#### PROBLEM
Repeat the whole listing word for word, skipping pictures.

#### DATA UNDER STUDY
================

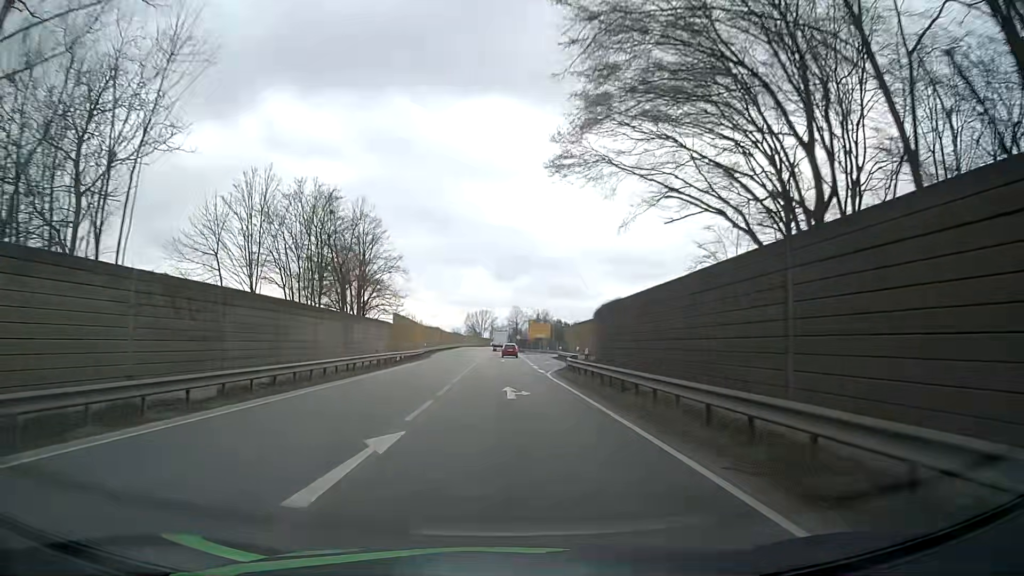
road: primary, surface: asphalt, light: Day
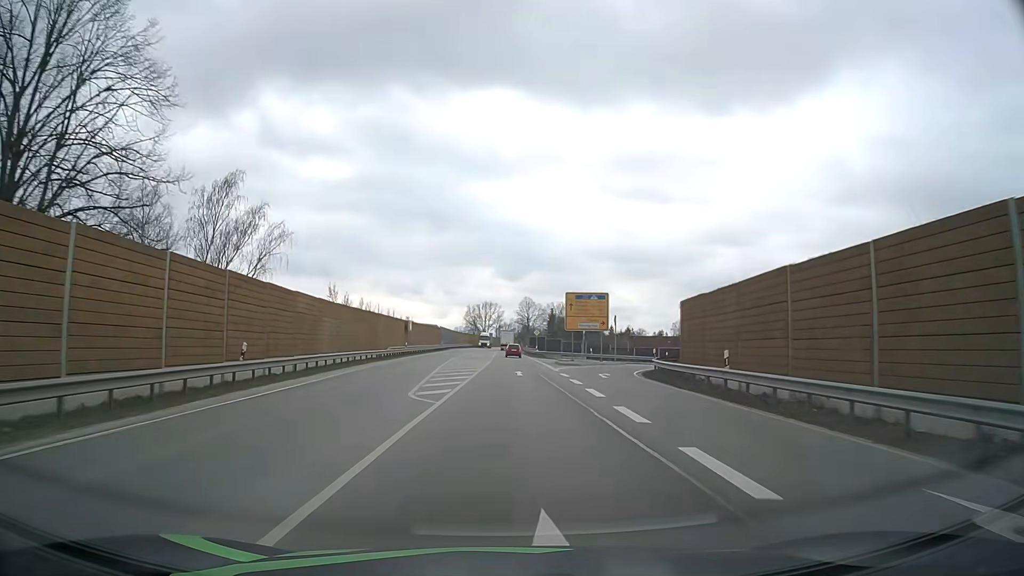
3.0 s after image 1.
(-1.2, +52.0) m; -2°
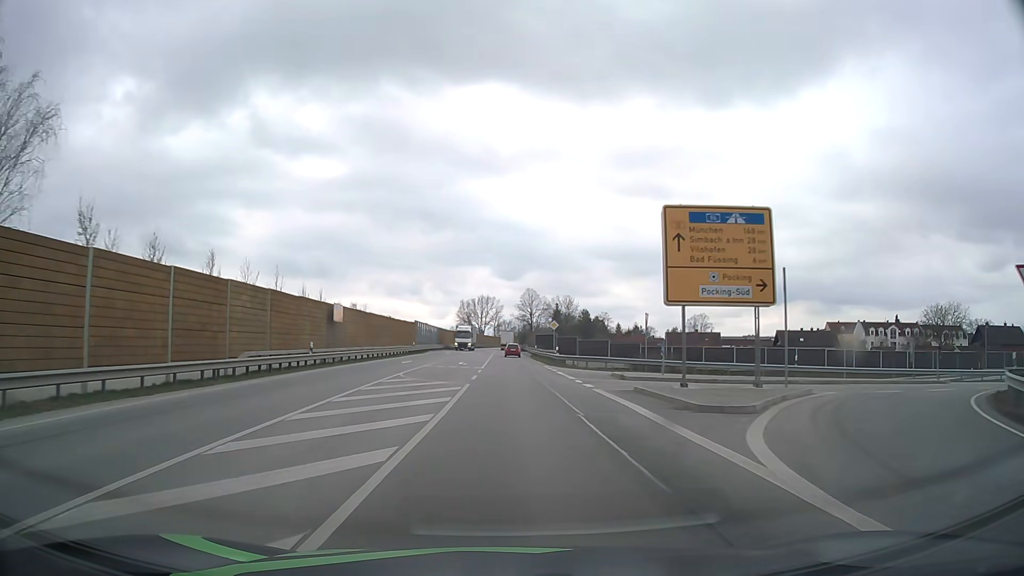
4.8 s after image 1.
(+0.1, +31.9) m; 0°
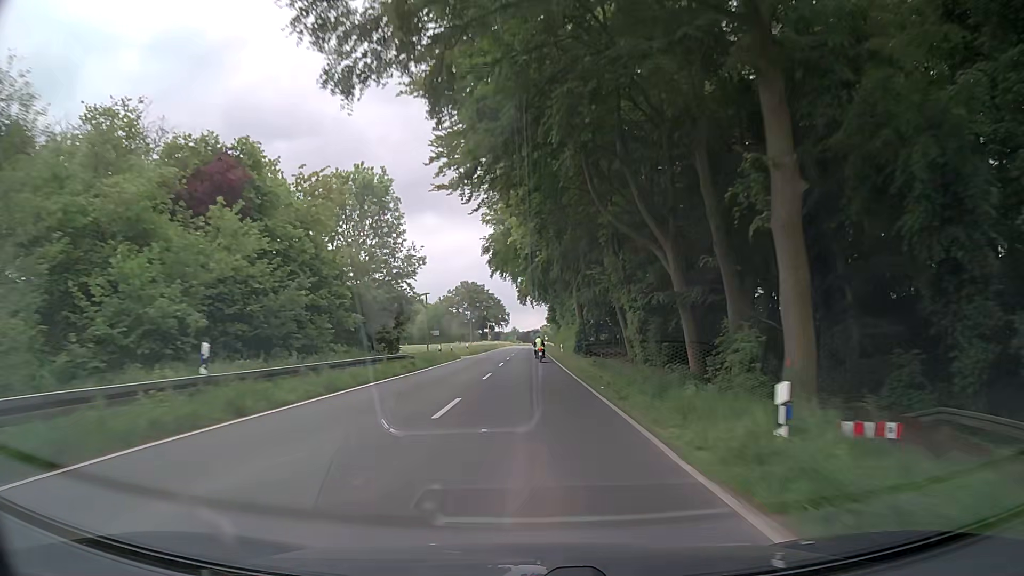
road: secondary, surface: asphalt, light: Day
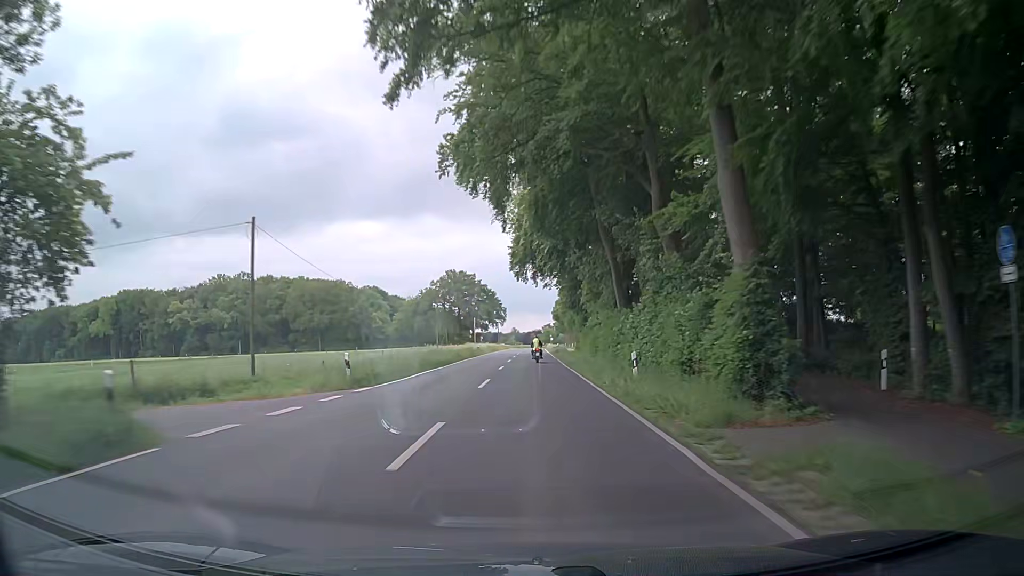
(-0.1, +41.9) m; 0°
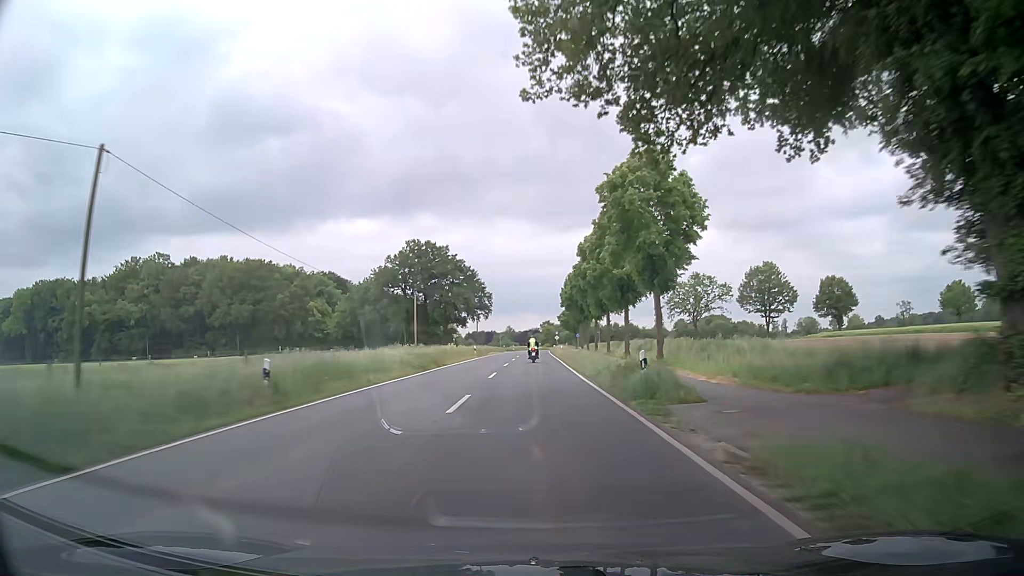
(0.0, +56.3) m; +1°
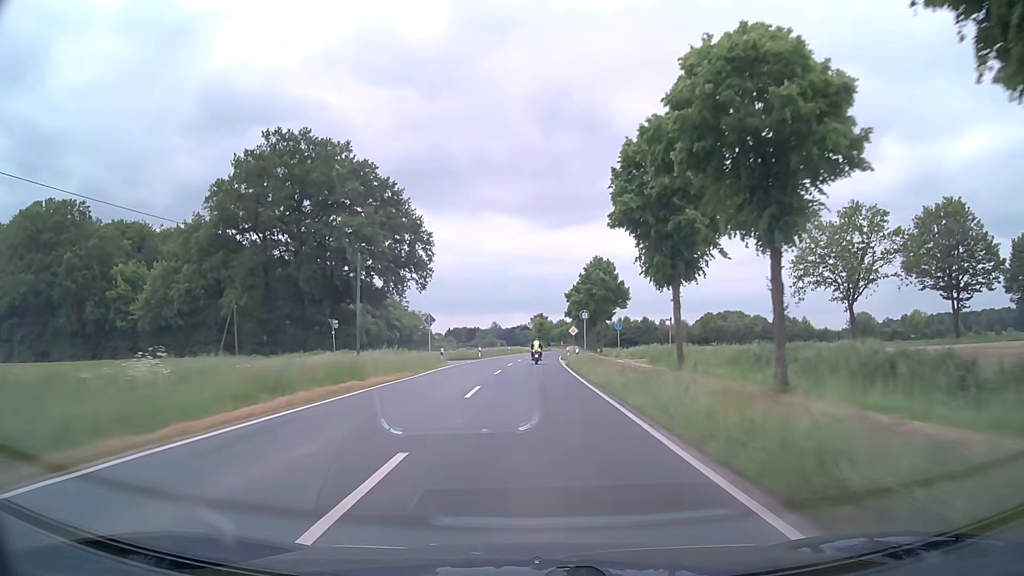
(-0.2, +70.6) m; 0°
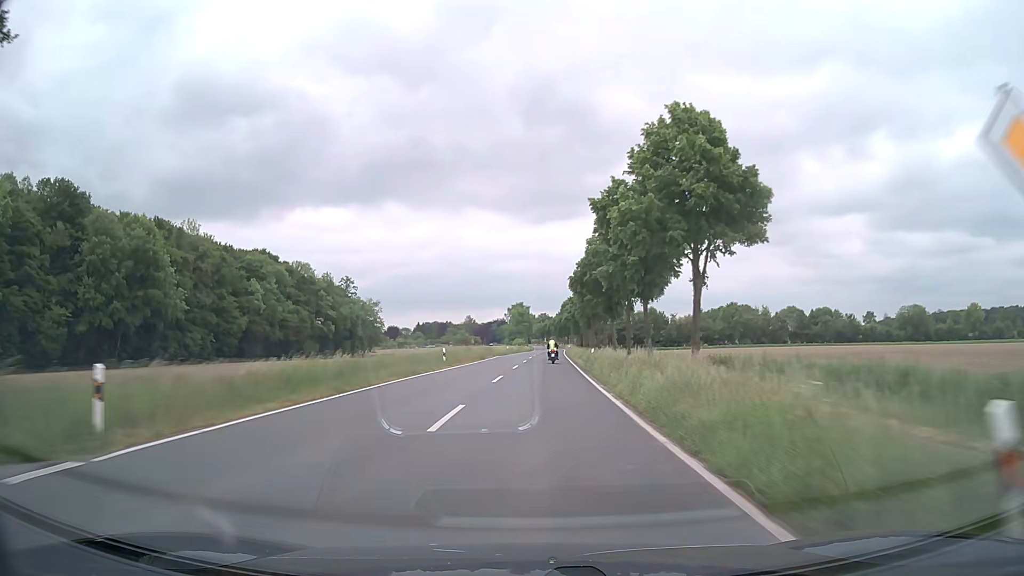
(+1.1, +56.0) m; +2°
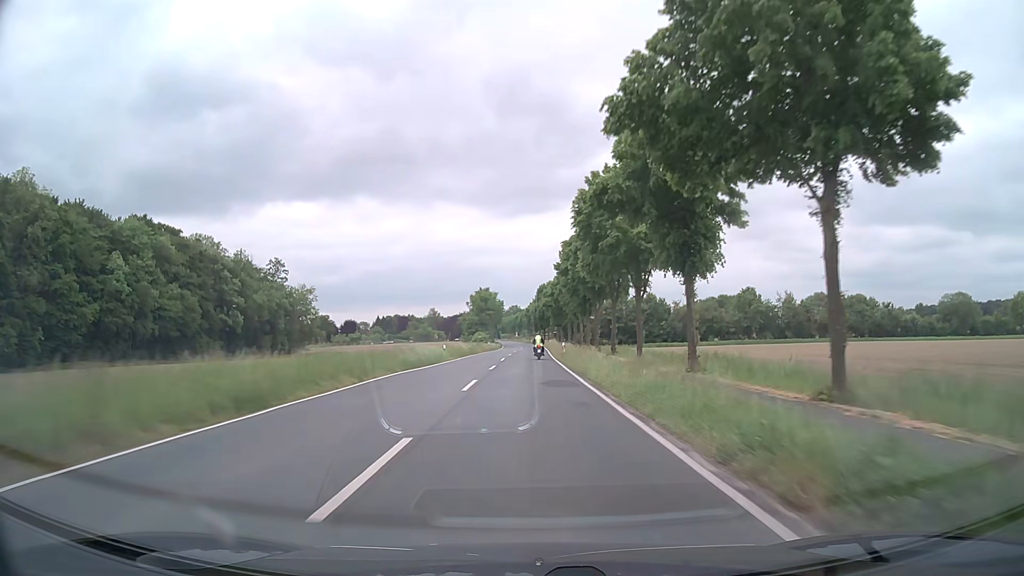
(+0.9, +42.4) m; +3°
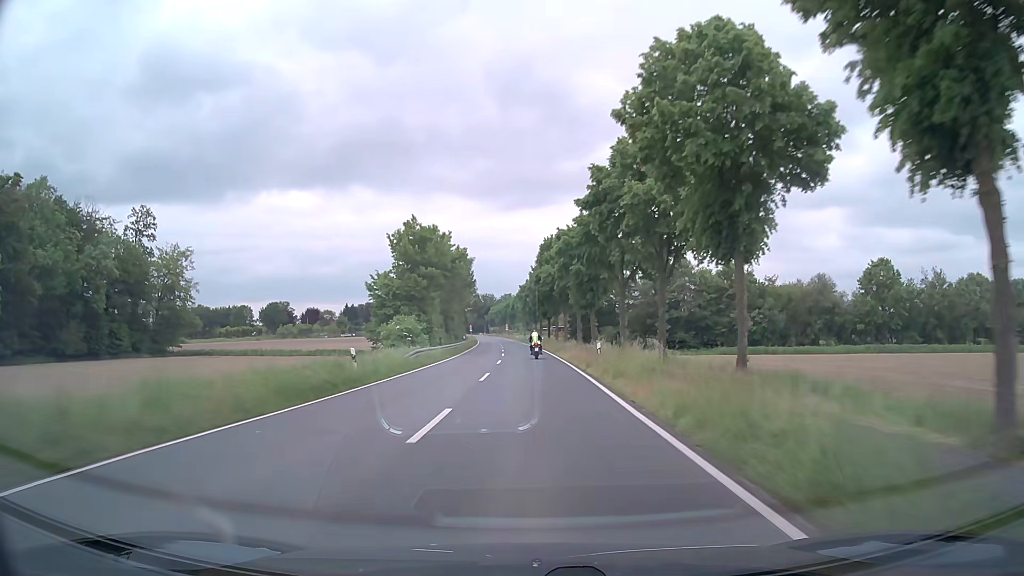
(-0.1, +70.8) m; 0°
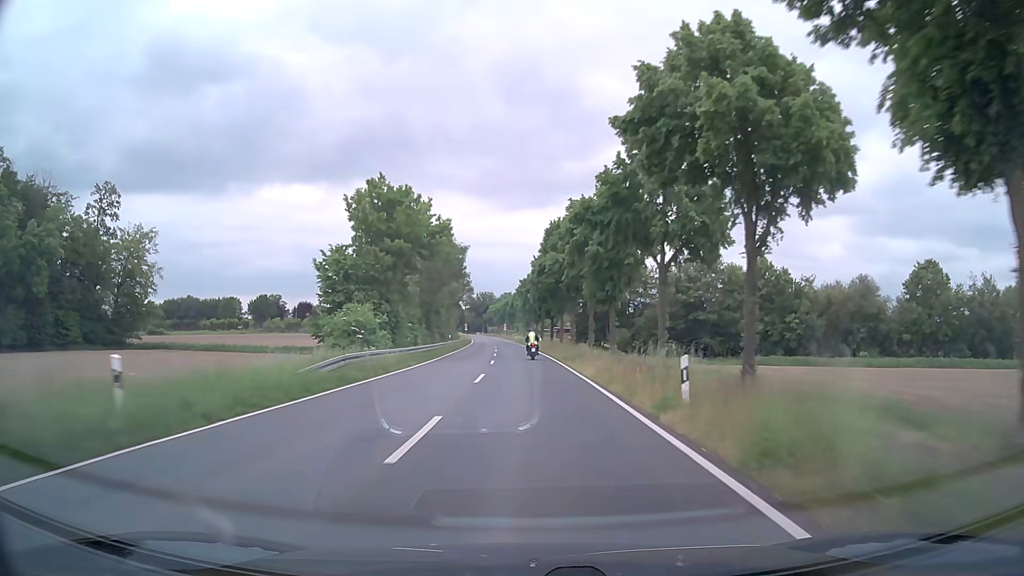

================

#### YOUR SOLUTION
road: primary, surface: asphalt, light: Day
3.0 s after image 1.
(-1.2, +52.0) m; -2°
4.8 s after image 1.
(+0.1, +31.9) m; 0°
road: secondary, surface: asphalt, light: Day
(-0.1, +41.9) m; 0°
(0.0, +56.3) m; +1°
(-0.2, +70.6) m; 0°
(+1.1, +56.0) m; +2°
(+0.9, +42.4) m; +3°
(-0.1, +70.8) m; 0°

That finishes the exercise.